*** Begin section ***
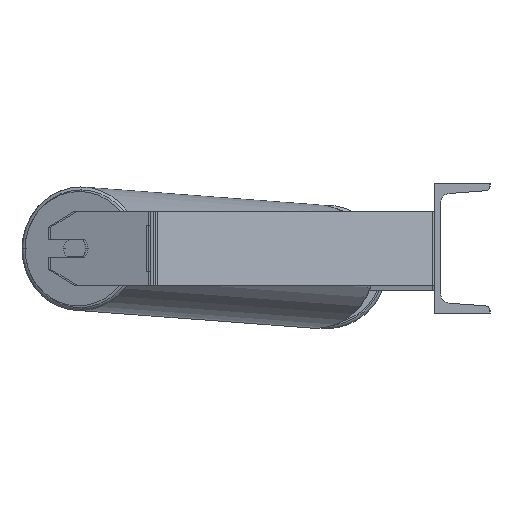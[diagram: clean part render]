
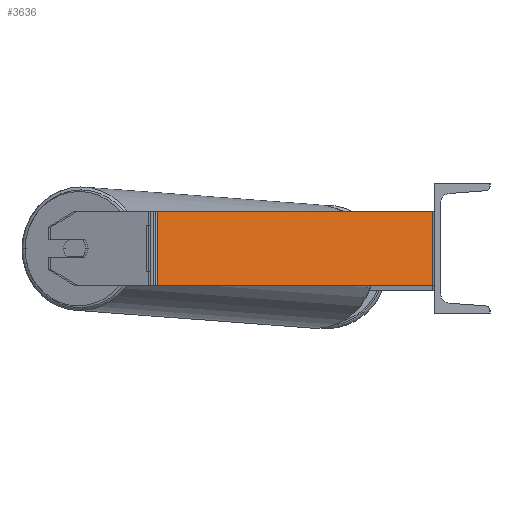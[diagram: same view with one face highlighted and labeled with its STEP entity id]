
A CAD part, left-side view. The second image highlights one B-rep face of the part: STEP entity #3636.
In plain terms, the highlighted planar face has unit normal (-0.966, -0.259, 0).
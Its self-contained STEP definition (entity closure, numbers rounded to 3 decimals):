
#22 = VECTOR ( 'NONE', #7856, 1000. ) ;
#29 = DIRECTION ( 'NONE',  ( 0.259, -0.966, 0. ) ) ;
#196 = ORIENTED_EDGE ( 'NONE', *, *, #5866, .T. ) ;
#303 = CARTESIAN_POINT ( 'NONE',  ( -1085., 0., 40. ) ) ;
#475 = VERTEX_POINT ( 'NONE', #7983 ) ;
#698 = LINE ( 'NONE', #8287, #6381 ) ;
#1063 = VERTEX_POINT ( 'NONE', #303 ) ;
#1215 = DIRECTION ( 'NONE',  ( 0., 0., -1. ) ) ;
#1948 = VECTOR ( 'NONE', #6936, 1000. ) ;
#2193 = VERTEX_POINT ( 'NONE', #2640 ) ;
#2253 = LINE ( 'NONE', #7903, #22 ) ;
#2640 = CARTESIAN_POINT ( 'NONE',  ( -1164.808, 297.848, -40. ) ) ;
#2843 = CARTESIAN_POINT ( 'NONE',  ( -1166.114, 302.721, -40. ) ) ;
#3154 = VERTEX_POINT ( 'NONE', #3351 ) ;
#3351 = CARTESIAN_POINT ( 'NONE',  ( -1164.808, 297.848, 40. ) ) ;
#3400 = LINE ( 'NONE', #7734, #1948 ) ;
#3636 = ADVANCED_FACE ( 'NONE', ( #5463 ), #4223, .F. ) ;
#4029 = EDGE_LOOP ( 'NONE', ( #196, #4107, #4801, #6178 ) ) ;
#4107 = ORIENTED_EDGE ( 'NONE', *, *, #7157, .F. ) ;
#4223 = PLANE ( 'NONE',  #6463 ) ;
#4801 = ORIENTED_EDGE ( 'NONE', *, *, #6217, .F. ) ;
#5231 = EDGE_CURVE ( 'NONE', #3154, #2193, #3400, .T. ) ;
#5463 = FACE_OUTER_BOUND ( 'NONE', #4029, .T. ) ;
#5595 = LINE ( 'NONE', #2843, #9016 ) ;
#5649 = DIRECTION ( 'NONE',  ( 0.966, 0.259, 0. ) ) ;
#5866 = EDGE_CURVE ( 'NONE', #2193, #475, #5595, .T. ) ;
#6178 = ORIENTED_EDGE ( 'NONE', *, *, #5231, .T. ) ;
#6217 = EDGE_CURVE ( 'NONE', #3154, #1063, #2253, .T. ) ;
#6224 = DIRECTION ( 'NONE',  ( -0.259, 0.966, 0. ) ) ;
#6381 = VECTOR ( 'NONE', #1215, 1000. ) ;
#6463 = AXIS2_PLACEMENT_3D ( 'NONE', #7018, #5649, #6224 ) ;
#6936 = DIRECTION ( 'NONE',  ( 0., 0., -1. ) ) ;
#7018 = CARTESIAN_POINT ( 'NONE',  ( -1166.114, 302.721, 40. ) ) ;
#7157 = EDGE_CURVE ( 'NONE', #1063, #475, #698, .T. ) ;
#7734 = CARTESIAN_POINT ( 'NONE',  ( -1164.808, 297.848, 40. ) ) ;
#7856 = DIRECTION ( 'NONE',  ( 0.259, -0.966, 0. ) ) ;
#7903 = CARTESIAN_POINT ( 'NONE',  ( -1166.114, 302.721, 40. ) ) ;
#7983 = CARTESIAN_POINT ( 'NONE',  ( -1085., 0., -40. ) ) ;
#8287 = CARTESIAN_POINT ( 'NONE',  ( -1085., 0., 40. ) ) ;
#9016 = VECTOR ( 'NONE', #29, 1000. ) ;
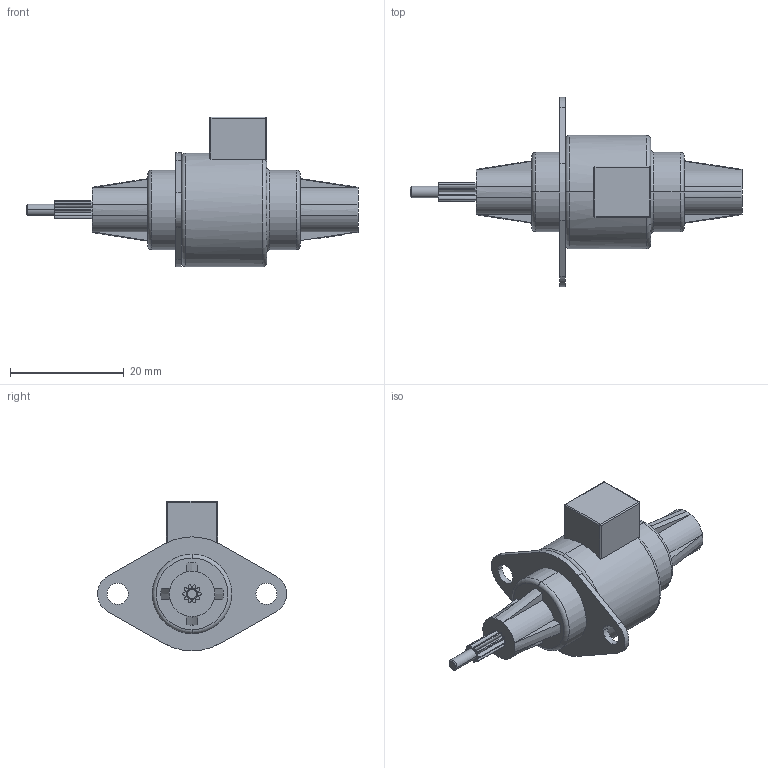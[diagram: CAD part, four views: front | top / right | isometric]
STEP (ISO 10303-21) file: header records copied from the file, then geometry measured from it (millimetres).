
FILE_DESCRIPTION (( 'STEP AP214' ), '1' );
FILE_NAME ('303B4FC2-B33D-43A2-9BD6-559207E5D8F2.STEP', '2022-07-18T14:48:11', ( '' ), ( '' ), 'SwSTEP 2.0', 'SolidWorks 2022', '' );
FILE_SCHEMA (( 'AUTOMOTIVE_DESIGN' ));
Length unit declared in the file: millimetre
Products named in the file (1): 303B4FC2-B33D-43A2-9BD6-559207E5D8F2
Bounding box: 58.45 x 33.3 x 26.36 mm (x, y, z)
Volume: 8442.2 mm3; surface area: 3902 mm2
Topology: 1 solids, 1 shells, 199 faces, 517 edges, 329 vertices
Faces by surface type: plane 85, cylinder 67, bspline 20, cone 12, torus 11, sphere 4
Entity records: 7115 total; most frequent: CARTESIAN_POINT 1484, ORIENTED_EDGE 1026, DIRECTION 983, EDGE_CURVE 513, AXIS2_PLACEMENT_3D 354, VERTEX_POINT 329, VECTOR 275, LINE 275
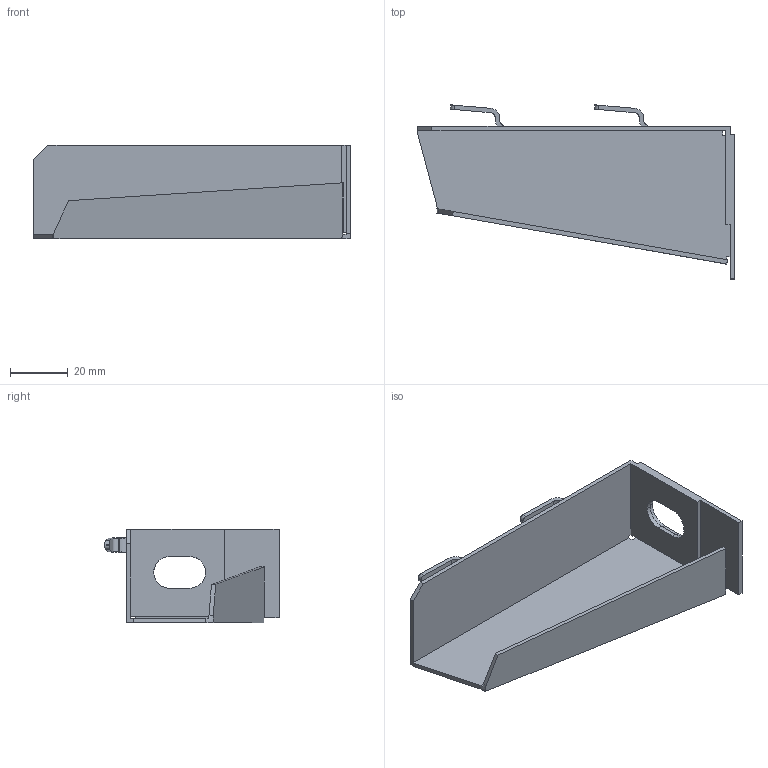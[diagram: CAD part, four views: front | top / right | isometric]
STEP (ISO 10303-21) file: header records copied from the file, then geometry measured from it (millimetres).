
FILE_DESCRIPTION(/* description */ (''),/* implementation_level */ '2;1');
FILE_NAME(/* name */ '6424600',/* time_stamp */ '2014-01-10T14:57:46+01:00',/* author */ (''),/* organization */ (''),/* preprocessor_version */ 'ST-DEVELOPER v15',/* originating_system */ '',/* authorisation */ '');
FILE_SCHEMA (('CONFIG_CONTROL_DESIGN'));
Length unit declared in the file: millimetre
Products named in the file (1): Document
Bounding box: 110 x 60.46 x 32.5 mm (x, y, z)
Volume: 16915.7 mm3; surface area: 22120.8 mm2
Topology: 1 solids, 1 shells, 67 faces, 191 edges, 127 vertices
Faces by surface type: plane 45, bspline 22
Entity records: 2585 total; most frequent: CARTESIAN_POINT 1276, ORIENTED_EDGE 382, EDGE_CURVE 191, B_SPLINE_CURVE_WITH_KNOTS 169, VERTEX_POINT 127, EDGE_LOOP 72, ADVANCED_FACE 67, FACE_OUTER_BOUND 67
*** End section ***
> _YOUR INSTRUCTIONS_: Copy word for word the stretch of entries above from the line that has "#4801 = ORIENTED_EDGE" through the line that has "#6381 = VECTOR ( 'NONE', #1215, 1000. ) ;", both ends included, and nothing outside it.

> _THE ANSWER_:
#4801 = ORIENTED_EDGE ( 'NONE', *, *, #6217, .F. ) ;
#5231 = EDGE_CURVE ( 'NONE', #3154, #2193, #3400, .T. ) ;
#5463 = FACE_OUTER_BOUND ( 'NONE', #4029, .T. ) ;
#5595 = LINE ( 'NONE', #2843, #9016 ) ;
#5649 = DIRECTION ( 'NONE',  ( 0.966, 0.259, 0. ) ) ;
#5866 = EDGE_CURVE ( 'NONE', #2193, #475, #5595, .T. ) ;
#6178 = ORIENTED_EDGE ( 'NONE', *, *, #5231, .T. ) ;
#6217 = EDGE_CURVE ( 'NONE', #3154, #1063, #2253, .T. ) ;
#6224 = DIRECTION ( 'NONE',  ( -0.259, 0.966, 0. ) ) ;
#6381 = VECTOR ( 'NONE', #1215, 1000. ) ;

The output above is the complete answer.